OBJECTIVE: The advent of High-Performance Computing (HPC) in
 recent years has led to its increasing use in brain study through computational
 models. The scale and complexity of such models are constantly increasing,
 leading to challenging computational requirements. Even though modern HPC
 platforms can often deal with such challenges, the vast diversity of the modeling
 field does not permit for a homogeneous acceleration platform to effectively
 address the complete array of modeling requirements.

APPROACH: In this paper
 we propose and build BrainFrame, a heterogeneous acceleration platform that
 incorporates three distinct acceleration technologies, an Intel Xeon-Phi CPU,
 a NVidia GP-GPU and a Maxeler Dataflow Engine.
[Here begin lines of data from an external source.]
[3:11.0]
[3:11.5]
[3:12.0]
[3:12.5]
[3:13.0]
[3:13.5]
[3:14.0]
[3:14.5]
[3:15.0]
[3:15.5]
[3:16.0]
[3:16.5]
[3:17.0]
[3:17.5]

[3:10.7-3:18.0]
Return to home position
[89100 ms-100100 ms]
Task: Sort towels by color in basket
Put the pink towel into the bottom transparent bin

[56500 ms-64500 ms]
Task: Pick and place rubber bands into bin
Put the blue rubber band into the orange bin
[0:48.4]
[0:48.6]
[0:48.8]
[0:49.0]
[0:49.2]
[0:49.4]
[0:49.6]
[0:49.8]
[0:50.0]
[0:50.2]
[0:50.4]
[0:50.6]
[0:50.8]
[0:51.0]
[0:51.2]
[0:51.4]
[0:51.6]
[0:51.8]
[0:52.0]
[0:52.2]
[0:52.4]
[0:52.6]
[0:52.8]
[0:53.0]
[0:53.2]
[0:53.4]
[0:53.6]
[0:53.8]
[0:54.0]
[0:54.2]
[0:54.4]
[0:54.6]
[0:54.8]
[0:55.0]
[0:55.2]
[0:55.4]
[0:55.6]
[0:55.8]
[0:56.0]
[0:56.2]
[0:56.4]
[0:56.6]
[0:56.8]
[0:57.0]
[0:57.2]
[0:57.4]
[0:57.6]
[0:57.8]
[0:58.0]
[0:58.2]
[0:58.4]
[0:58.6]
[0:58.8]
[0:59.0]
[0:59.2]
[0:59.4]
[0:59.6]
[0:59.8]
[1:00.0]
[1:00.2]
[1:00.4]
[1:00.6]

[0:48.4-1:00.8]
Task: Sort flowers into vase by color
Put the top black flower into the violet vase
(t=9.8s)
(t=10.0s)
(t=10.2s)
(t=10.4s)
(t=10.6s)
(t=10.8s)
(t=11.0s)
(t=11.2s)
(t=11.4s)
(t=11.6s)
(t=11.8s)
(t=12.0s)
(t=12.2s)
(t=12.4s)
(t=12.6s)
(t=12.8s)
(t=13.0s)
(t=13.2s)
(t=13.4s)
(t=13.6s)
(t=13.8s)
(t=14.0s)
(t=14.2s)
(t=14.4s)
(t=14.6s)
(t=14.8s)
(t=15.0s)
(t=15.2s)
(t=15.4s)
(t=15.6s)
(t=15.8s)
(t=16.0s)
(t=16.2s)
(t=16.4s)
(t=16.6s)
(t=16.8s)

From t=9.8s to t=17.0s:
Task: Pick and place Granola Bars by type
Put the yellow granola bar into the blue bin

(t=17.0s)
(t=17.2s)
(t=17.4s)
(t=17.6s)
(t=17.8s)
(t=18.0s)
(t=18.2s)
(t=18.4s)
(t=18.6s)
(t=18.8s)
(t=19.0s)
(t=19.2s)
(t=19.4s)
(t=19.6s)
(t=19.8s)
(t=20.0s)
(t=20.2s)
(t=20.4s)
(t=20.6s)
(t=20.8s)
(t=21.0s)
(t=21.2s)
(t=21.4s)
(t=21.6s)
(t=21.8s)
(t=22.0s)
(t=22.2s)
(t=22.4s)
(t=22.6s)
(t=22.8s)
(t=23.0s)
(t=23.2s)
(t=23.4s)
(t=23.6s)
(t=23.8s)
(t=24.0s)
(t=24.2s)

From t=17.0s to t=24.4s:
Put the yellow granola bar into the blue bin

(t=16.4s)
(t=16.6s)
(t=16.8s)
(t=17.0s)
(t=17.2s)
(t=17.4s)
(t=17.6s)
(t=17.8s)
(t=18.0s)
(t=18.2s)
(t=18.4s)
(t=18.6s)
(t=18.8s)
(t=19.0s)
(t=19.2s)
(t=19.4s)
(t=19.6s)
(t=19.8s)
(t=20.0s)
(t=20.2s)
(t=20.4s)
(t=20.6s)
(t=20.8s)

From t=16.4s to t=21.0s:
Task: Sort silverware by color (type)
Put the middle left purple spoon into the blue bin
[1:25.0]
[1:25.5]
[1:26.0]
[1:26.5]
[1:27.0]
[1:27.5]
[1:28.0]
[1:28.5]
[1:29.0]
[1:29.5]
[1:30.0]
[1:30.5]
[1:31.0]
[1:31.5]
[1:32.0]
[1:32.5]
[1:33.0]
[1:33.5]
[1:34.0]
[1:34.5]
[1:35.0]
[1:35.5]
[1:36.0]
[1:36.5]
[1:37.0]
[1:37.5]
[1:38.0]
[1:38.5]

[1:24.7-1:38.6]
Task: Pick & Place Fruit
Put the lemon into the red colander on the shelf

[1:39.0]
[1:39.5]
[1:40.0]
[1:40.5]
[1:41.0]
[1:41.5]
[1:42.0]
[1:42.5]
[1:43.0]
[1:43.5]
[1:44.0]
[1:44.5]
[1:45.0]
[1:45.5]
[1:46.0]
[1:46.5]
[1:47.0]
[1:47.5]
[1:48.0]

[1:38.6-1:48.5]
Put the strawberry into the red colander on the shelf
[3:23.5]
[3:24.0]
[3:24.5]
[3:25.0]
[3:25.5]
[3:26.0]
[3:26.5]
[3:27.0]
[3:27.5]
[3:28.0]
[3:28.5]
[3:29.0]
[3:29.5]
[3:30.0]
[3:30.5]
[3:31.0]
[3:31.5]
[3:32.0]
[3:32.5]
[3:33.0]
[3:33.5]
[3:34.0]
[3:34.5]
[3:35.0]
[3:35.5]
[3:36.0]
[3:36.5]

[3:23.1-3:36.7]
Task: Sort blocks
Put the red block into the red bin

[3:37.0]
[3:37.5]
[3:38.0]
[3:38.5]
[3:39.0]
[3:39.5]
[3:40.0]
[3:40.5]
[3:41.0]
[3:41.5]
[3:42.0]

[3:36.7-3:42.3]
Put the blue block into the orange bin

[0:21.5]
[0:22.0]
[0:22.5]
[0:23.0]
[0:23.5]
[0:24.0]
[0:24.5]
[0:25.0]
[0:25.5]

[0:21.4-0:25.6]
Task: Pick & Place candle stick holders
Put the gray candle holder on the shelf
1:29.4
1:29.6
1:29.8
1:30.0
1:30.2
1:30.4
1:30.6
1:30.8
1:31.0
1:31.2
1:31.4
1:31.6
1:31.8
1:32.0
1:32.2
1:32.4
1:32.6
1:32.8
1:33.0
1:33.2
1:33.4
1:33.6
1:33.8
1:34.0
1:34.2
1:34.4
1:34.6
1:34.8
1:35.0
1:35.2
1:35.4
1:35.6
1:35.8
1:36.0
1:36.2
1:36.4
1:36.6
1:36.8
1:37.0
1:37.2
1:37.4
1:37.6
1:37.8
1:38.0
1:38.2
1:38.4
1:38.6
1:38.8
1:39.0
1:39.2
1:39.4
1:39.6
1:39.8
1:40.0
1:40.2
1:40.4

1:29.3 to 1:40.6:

The PyNN software
 framework is also integrated into the platform. As a challenging proof of concept,
 we analyze the performance of BrainFrame on different experiment instances
 of a state-of-the-art neuron model, representing the Inferior-Olivary Nucleus
 using a biophysically-meaningful, extended Hodgkin-Huxley representation. The
 model instances take into account not only the neuronal-network dimensions
 but also different network-connectivity densities, which can drastically affect
 the workload's performance characteristics.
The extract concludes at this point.